Hollywood mogul Harvey Weinstein will be sentenced on Wednesday, 11 March, after being convicted of sexual assaults which spanned several decades.
Weinstein, 67, was convicted in New York last month of sexually assaulting a woman in 2006 and raping another female in 2013.
He is the biggest name to be brought crashing to the ground in the wave of historical sexual abuse allegations which became known by the hashtag #MeToo.
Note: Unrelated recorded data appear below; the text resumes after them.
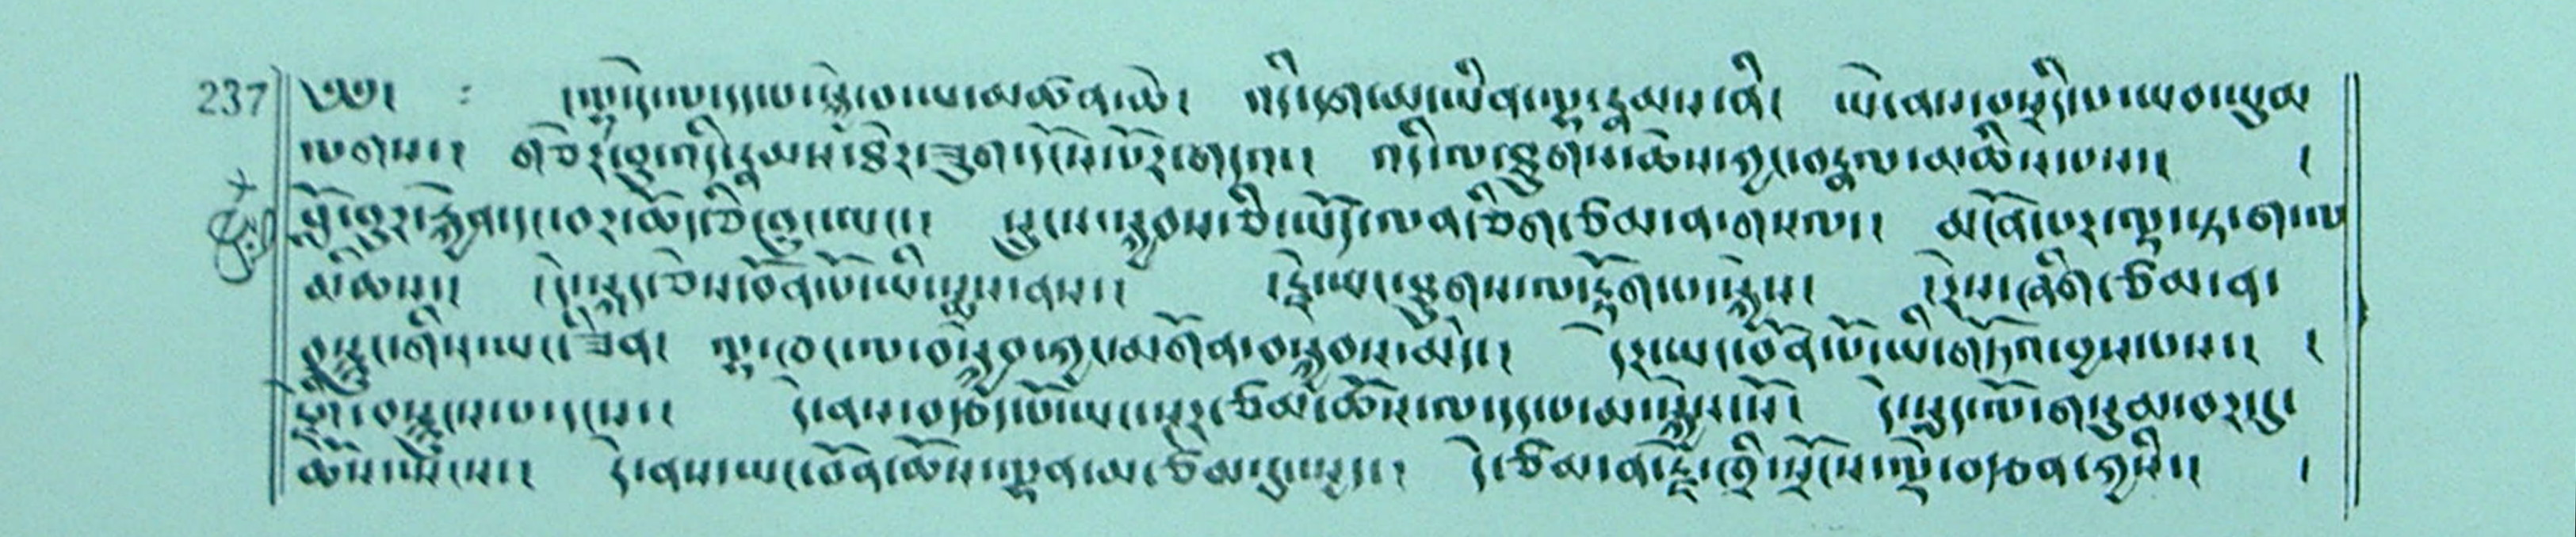༄༅། །ལྷ་དེ་ལ་དད་པ་སྐྱེ་བ་ཡ་མཚན་ཆེ། འདི་དག་མ་ཡིན་ལྷ་རྣམས་ནི། ཡེ་ནས་སྲིད་པའི་ཡབ་ཡུམ་
ལགས། གཅེར་བུ་འདི་རྣམས་ཐེར་ཟུག་དངོས་པོར་གདའ། འདི་ལ་ཐུགས་ཆེས་ཀྱང་བརྣལ་མཆིས་པས། 
གློ་བུར་རྐྱེན་དང་བར་ཆོད་ཅི་བྱུང་ཡང་། སྲུངས་སྐྱབས་ཅི་ཡོད་ལན་ཅིག་ཙམ་ན་གསལ། མངོན་པར་ལྟ་སྟ་ག་ལ་
མཆིས། དེ་སྐད་ཅེས་བོན་པོ་ཡིས་སྨྲས་ནས། རྗེ་ཡང་ཐུགས་ལ་རྟོག་པ་སྐྱེས་སོ། །རེ་ཞིག་ཙམ་ན་
བསྙུང་གིས་ཡང་ཟིན། ལྷ་ཁང་ལ་བསྐྱབས་ཀྱང་མགོན་སྐྱབས་མེད། དེར་ཡང་བོན་པོ་ཡིས་གཏོའ་བྱས་པས་
རྗེའི་བསྙུངས་པ་དྭངས། དེ་ནས་བཙད་པོ་ཡང་སྔར་ཙམ་ཆོས་ལ་དད་པ་མ་སྐྱེས་སོ། །དེ་སླད་ལོ་གསུམ་བར་དུ་
ཆོས་སྤངས། །དེ་ནས་ཡང་བོན་ཆོས་ལྷན་མ་ཙམ་དུ་སྤྱད། དེ་ཙམ་ན་རྗེ་ཁྲི་སྲོང་ལྡེ་བཙན་གྱིས།

Actor and comedian Bill Cosby, 82, who once openly joked about drugging women in his stage act, was jailed for three to 10 years in 2018 for sexually molesting a woman in 2004.
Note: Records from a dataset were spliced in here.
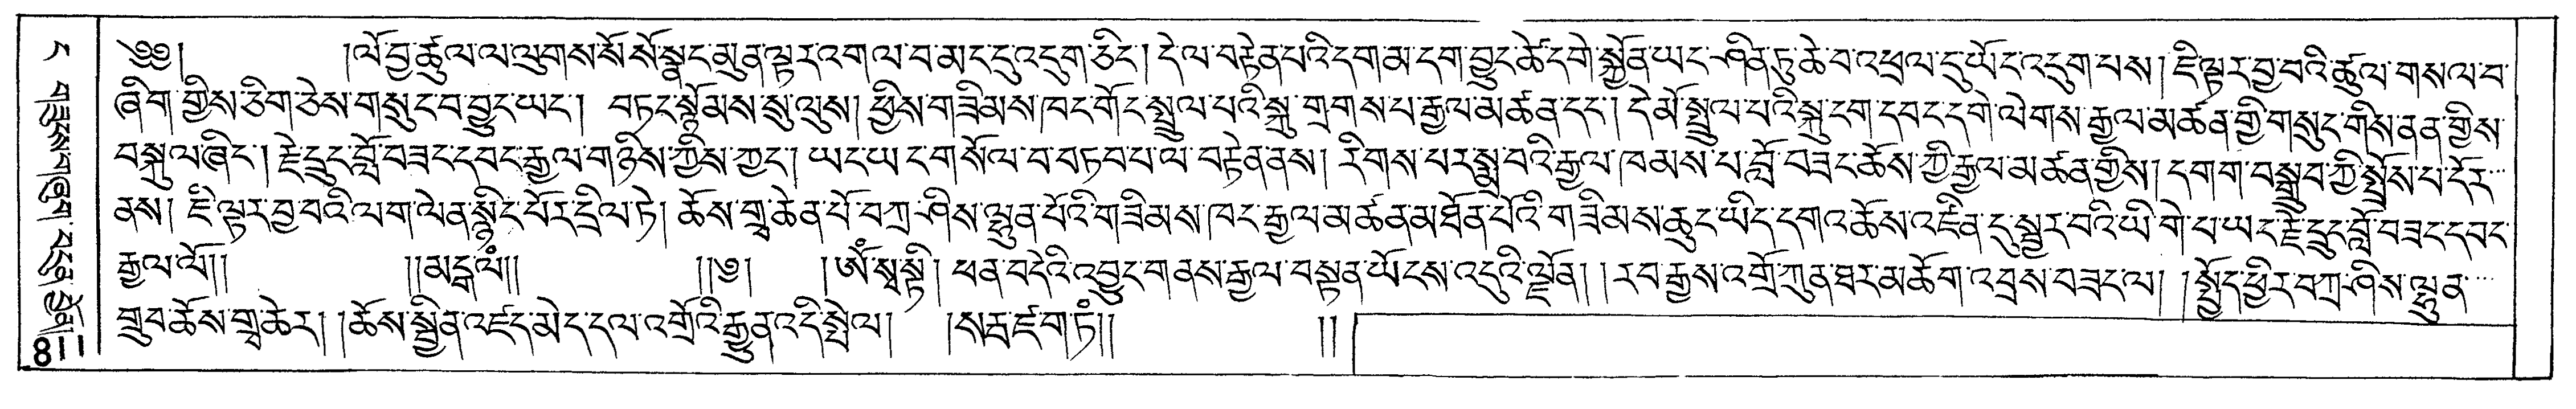༄༅། །ལོ་བྱ་ཚུལ་ལ་ལུགས་སོ་སོ་སྣང་མུན་ལྟར་འགལ་བ་མང་དུ་འདུག་ཅིང་། དེ་ལ་བརྟེན་པའི་དག་མ་དག་བྱུང་ཚེ་དགེ་སྐྱོན་ཡང་ཤིན་ཏུ་ཆེ་བ་འཕྲལ་དུ་ཡོང་འདུག་པས། ཇི་ལྟར་བྱ་བའི་ཚུལ་གསལ་བ་
ཞིག་གྱིས་ཅིག་ཅེས་གསུང་བ་བྱུང་ཡང་། བཏང་སྙོམས་སུ་ལུས། ཕྱིས་གཟིམས་ཁང་གོང་སྤྲུལ་པའི་སྐུ་གྲངས་པ་རྒྱལ་མཚན་དང་། དེ་མོ་སྤྲུལ་པའི་སྐུ་ངག་དབང་དགེ་ལེགས་རྒྱལ་མཚན་གྱི་གསུང་གིས་ནན་གྱིས་
བསྐུལ་ཞིང་།རྗེ་དྲུང་བློ་བཟང་དབང་རྒྱལ་གཉིས་ཀྱིས་ཀྱང་། ཡང་ཡང་གསོལ་བ་བཏབ་པ་ལ་བརྟེན་ནས། རིགས་པར་སྨྲ་བའི་རྒྱལ་ཁམས་པ་བློ་བཟང་ཆོས་ཀྱི་རྒྱལ་མཚན་གྱིས། དགག་བསྒྲུབ་ཀྱི་སྤྲོས་པ་དོར་
ནས། ཇི་ལྟར་བྱ་བའི་ལག་ལེན་སྙིང་པོར་དྲིལ་ཏེ། ཆོས་གྲྭ་ཆེན་པོ་བཀྲ་ཤིས་ལྷུན་པོའི་གཟིམས་ཁང་རྒྱལ་མཚན་མཐོན་པོའི་གཟིམས་ཆུང་ཡིད་དགའ་ཆོས་འཛིན་དུ་སྦྱར་བའི་ཡི་གེ་པ་ཡང་རྗེ་དྲུང་བློ་བཟང་དབང་
རྒྱལ་ལོ།། །།མངྒ་ལཾ།། །།༄༅། །ཨོཾ་སྭ་སྟི། ཕན་བདེའི་འབྱུང་གནས་རྒྱལ་བསྟན་ཡོངས་འདུའི་ལྗོན། །རབ་རྒྱས་འགྲོ་ཀུན་ཐར་མཆོག་འབྲས་བཟང་ལ། །སྤྱོད་ཕྱིར་བཀྲ་ཤིས་ལྷུན་
གྲུབ་ཆོས་གྲྭ་ཆེར། །ཆོས་སྦྱིན་འཛད་མེད་དལ་འགྲོའི་རྒྱུན་འདི་སྤེལ། །སརྦ་ཛ་ག་ཏཾ།། །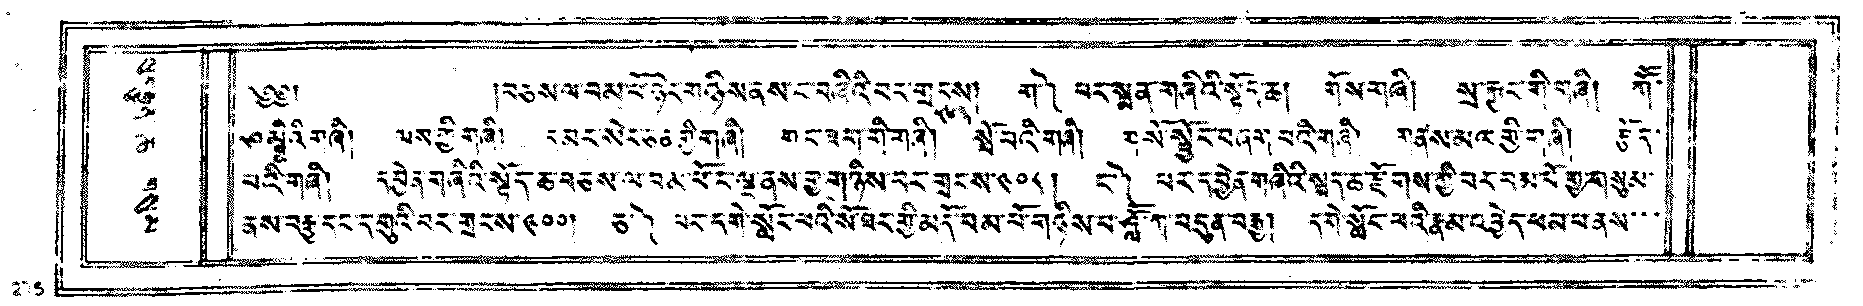༄༅། །བཅས་ལ་བམ་པོ་ཉེར་གཉིས་ནས་ང་བཞིའི་བར་གྲངས ༥༦༣། ག་པར་སྨན་གཞིའི་སྟོད་ཆ། གོས་གཞི། སྲ་རྐྱང་གི་གཞི། ཀཽ་
ཤམྦྷིའི་གཞི། ལས་ཀྱི་གཞི། དམར་སེར་ཅན་གྱི་གཞི། གང་ཟག་གི་གཞི། སྤོ་བའི་གཞི། གསོ་སྦྱོང་བཞག་པའི་གཞི། གནས་མལ་གྱི་གཞི། རྩོད་
པའི་གཞི། དབྱེན་གཞིའི་སྟོད་ཆ་བཅས་ལ་བམ་པོ་ང་ལྔ་ནས་གྱ་གཉིས་བར་གྲངས ༤༠༨། ང་པར་དབྱེན་གཞིའི་སྨད་ཆ་རྫོགས་ཀྱི་བར་བམ་པོ་གྱ་གསུམ་
ནས་བརྒྱ་དང་དགུའི་བར་གྲངས ༤༠༠། ཅ་པར་དགེ་སློང་ཕའི་སོ་ཐར་གྱི་མདོ་བམ་པོ་གཉིས་པ་ཤླཽ་ཀ་བདུན་བརྒྱ། དགེ་སློང་ཕའི་རྣམ་འབྱེད་ཕམ་པ་ནས་

Roger Ailes was forced to resign as CEO of Fox News in 2016 after presenter Gretchen Carlson and several other women accused him of sexually inappropriate behaviour. He died the following year, aged 77, since when it has emerged that he sexually assaulted a number of women at Fox News.
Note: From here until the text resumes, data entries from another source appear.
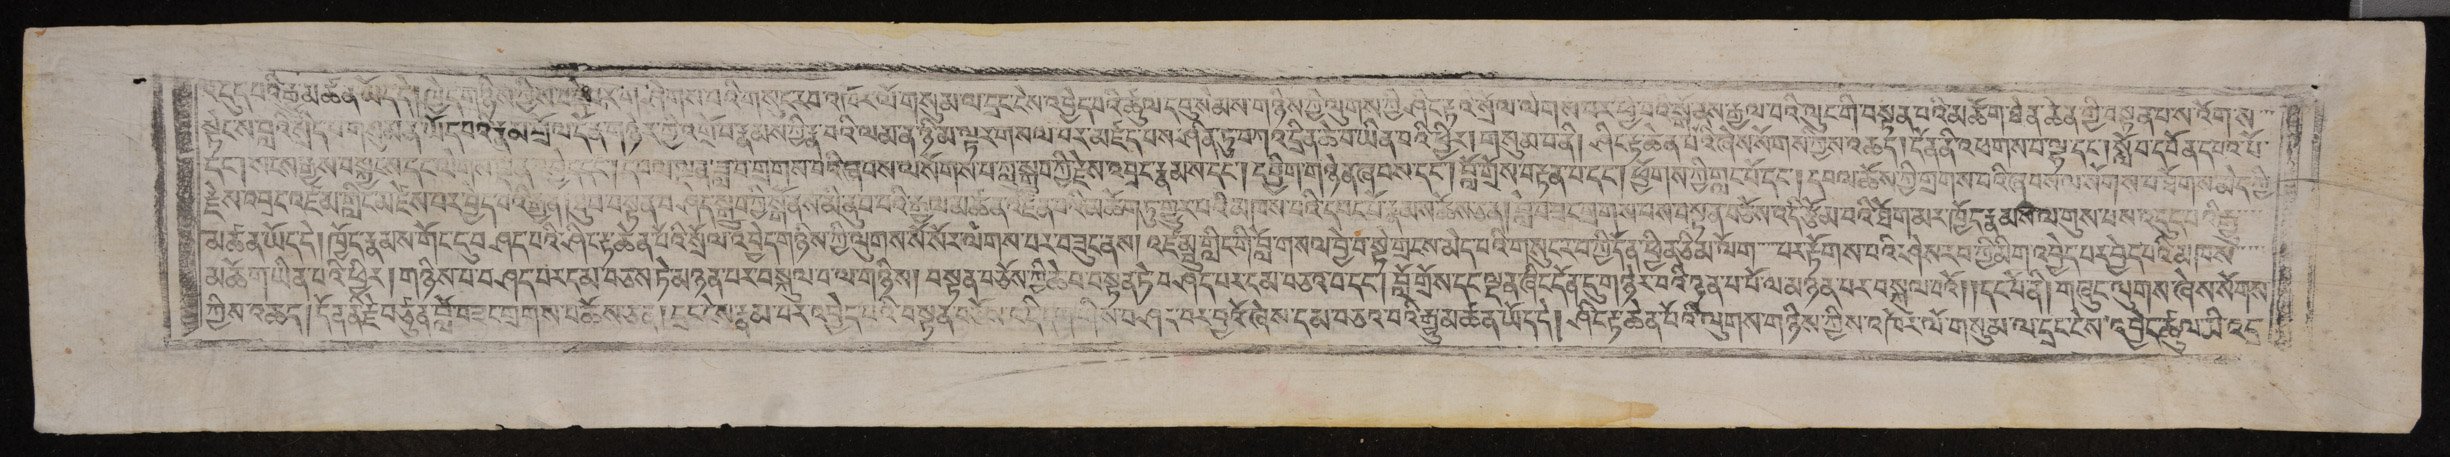འདུད་བའི་རྒྱུ་མཚན་ཡོད་དེ། ཁྱོད་གཉིས་ཀྱིས་བདེ་བར་གཤེགས་པའི་གསུང་རབ་འཁོར་ལོ་གསུམ་ལ་དྲང་ངེས་འབྱེད་པའི་ཚུལ་དབུ་སེམས་གཉིས་ཀྱི་ལུགས་ཀྱི་ཤིང་རྟའི་སྲོལ་ལེགས་པར་ཕྱེ་བའི་སྒོ་ནས་རྒྱལ་བའི་ལུང་གི་བསྟན་པའི་མཆོག་ཐེག་ཆེན་གྱི་བསྟན་པས་འོགས་
སྟེངས་བླའི་སྲིད་པ་གསུམ་ན་ཡོད་པའི་རྣམ་གྲོལ་དོན་གཉེར་གྱི་འགྲོ་བ་རྣམས་ཀྱི་རྣ་བའི་ལམ་ན་ཉི་མ་ལྟར་གསལ་བར་མཛད་པས་ཤིན་ཏུ་བཀའ་དྲིན་ཆེ་བ་ཡིན་པའི་ཕྱིར། གསུམ་པ་ནི། ཤིང་རྟ་ཆེན་པོའི་ཞེས་སོགས་ཀྱིས་འཆད། དོན་ནི་འཕགས་པ་ལྷ་དང་། སློབ་དཔོན་དཔའ་བོ་
དང་། སངས་རྒྱས་བསྐྱངས་དང་ལེགས་ལྡན་འབྱེད་དང་། དཔལ་ལྡན་ཟླ་བ་གྲགས་པའི་ཞབས་ལ་སོགས་པ་ཀླུ་སྒྲུབ་ཀྱི་རྗེས་འབྲང་རྣམས་དང་། དབྱིག་གཉེན་ཞབས་དང་། བློ་གྲོས་བརྟན་པ་དང་། ཕྱོགས་ཀྱི་གླང་པོ་དང་། དཔལ་ཆོས་ཀྱི་གྲགས་པའི་ཞབས་ལ་སོགས་པ་ཐོགས་མེད་ཀྱི་
རྗེས་འབྲང་འཛམ་གླིང་མཛེས་པར་བྱེད་པའི་རྒྱན། ཐུབ་བསྟན་བཤད་སྒྲུབ་ཀྱི་སྒོ་ནས་མི་ནུབ་པའི་རྒྱལ་མཚན་འཛིན་པའི་མཆོག་ཏུ་གྱུར་པའི་མཁས་པའི་དབང་པོ་རྣམས་ཆོས་ཅན། བློ་བཟང་གྲགས་པས་བསྟན་བཅོས་འདི་རྩོམ་པའི་ཐོག་མར་ཁྱོད་རྣམས་ལ་གུས་པས་འདུད་པའི་རྒྱུ་
མཚན་ཡོད་དེ། ཁྱོད་རྣམས་གོང་དུ་བཤད་པའི་ཤིང་རྟ་ཆེན་པོའི་སྲོལ་འབྱེད་གཉིས་ཀྱི་ལུགས་སོ་སོར་ལེགས་པར་བཟུང་ནས། འཛམ་བུ་གླིང་གི་བློ་གསལ་བྱེ་བ་སྟེ་གྲངས་མེད་པའི་གསུང་རབ་ཀྱི་དོན་ཕྱིན་ཅི་མ་ལོག་པར་རྟོགས་པའི་ཤེས་རབ་ཀྱི་མིག་འབྱེད་པར་བྱེད་པའི་མཁས་
མཆོག་ཡིན་པའི་ཕྱིར། གཉིས་པ་བཤད་པར་དམ་བཅས་ཏེ་མཉན་པར་བསྐུལ་བ་ལ་གཉིས། བསྟན་བཅོས་ཀྱི་ཆེ་བ་བསྟན་ཏེ་བཤད་པར་དམ་བཅའ་བ་དང་། བློ་གྲོས་དང་ལྡན་ཞིང་དོན་དུ་གཉེར་བའི་ཉན་པ་པོ་ལ་མཉན་པར་བསྐུལ་བའོ། །དང་པོ་ནི། གཟུང་ལུགས་ཞེས་སོགས་
ཀྱིས་འཆད། དོན་ནི་རྗེ་བཙུན་བློ་བཟང་གྲགས་པ་ཆོས་ཅན། དྲང་ངེས་རྣམ་པར་འབྱེད་པའི་བསྟན་བཅོས་འདི་དག་གིས་བཤད་པར་བྱའོ་ཞེས་དམ་བཅའ་བའི་རྒྱུ་མཚན་ཡོད་དེ། ཤིང་རྟ་ཆེན་པོའི་ལུགས་གཉིས་ཀྱིས་འཁོར་ལོ་གསུམ་ལ་དྲང་ངེས་འབྱེད་ཚུལ་མི་འདྲ་

Weinstein, who could be jailed for up to 25 years, was moved to the hospital wing of New York City's notorious Rikers Island jail last week after undergoing a heart procedure.
The former movie producer, who now faces another trial in Los Angeles, was also accused of sexual assault by 10 women in the UK and the allegations dated back to the 1980s.
Hina Belitz, a senior employment and settlement agreement lawyer at Excello Law in London, said the Weinstein case was “absolutely shocking” and she said the most upsetting thing was how long the wall of silence around him had been maintained.
“Nobody had the courage to stand up to him,” she said.
Ms Belitz said she hoped #MeToo had made men in powerful positions rethink their attitudes and she said her message to them would be: “If you want the best for your workforce then this is not going to achieve that aim.”
Weinstein produced a string of hit Hollywood movies - Lord of the Rings, The King’s Speech, True Romance, Shakespeare In Love, and most of Quentin Tarantino’s films.
Prosecutors said Weinstein’s sexual misconduct fitted a pattern over the decades - he would get young women alone in hotel rooms or other places before assaulting them, often tricking them into thinking that if they kept silent he would help their acting careers.
Ms Belitz said she had represented one woman who had been sexually harassed in a “bedroom incident in a hotel” but she said most of her clients tended to have been victims of office-based abuse.
She said: “Women often have a difficult time reconciling this behaviour and tend to be in a very delicate state. A lot of these cases tend to be settled out of court.”
Ms Belitz said some cases involve Non-Disclosure Agreements (NDAs) within Settlement Agreements by which both parties are sworn to secrecy over the allegations.
She said: “The real problem we have is that the legal regime is not broken, but it’s failed. While I think a settlement might be the solution for the women in many cases, the lack of public humiliation for men who behaved badly means that they can continue and we saw that with Weinstein. How did he continue that long? He was extra powerful and revered.”
Ms Belitz said her advice to any woman who suffered inappropriate behaviour in the workplace was to take legal advice and also to contact their employer’s human resources (HR) department who she said would usually take the correct steps.
But she said the difficulty was in companies where the founder or owner wielded enormous power and was answerable to nobody.
“In those cases it can be difficult because the HR people will be worried about challenging their behaviour,” Ms Belitz said.
She said #MeToo had forced many firms to initiate sweeping changes to their male-dominated corporate cultures.
Ms Belitz said: “#MeToo has been a wonderful thing to have happened. There has been a tremendous shift. I am very impressed by some banks which have taken huge steps.”
“There were a lot of places where a culture of sexual harassment and lewd comments existed. It’s no defence to say that nobody else complained. Legally there is no watermark. It’s usually down to whether the woman found it offensive,” Ms Belitz said.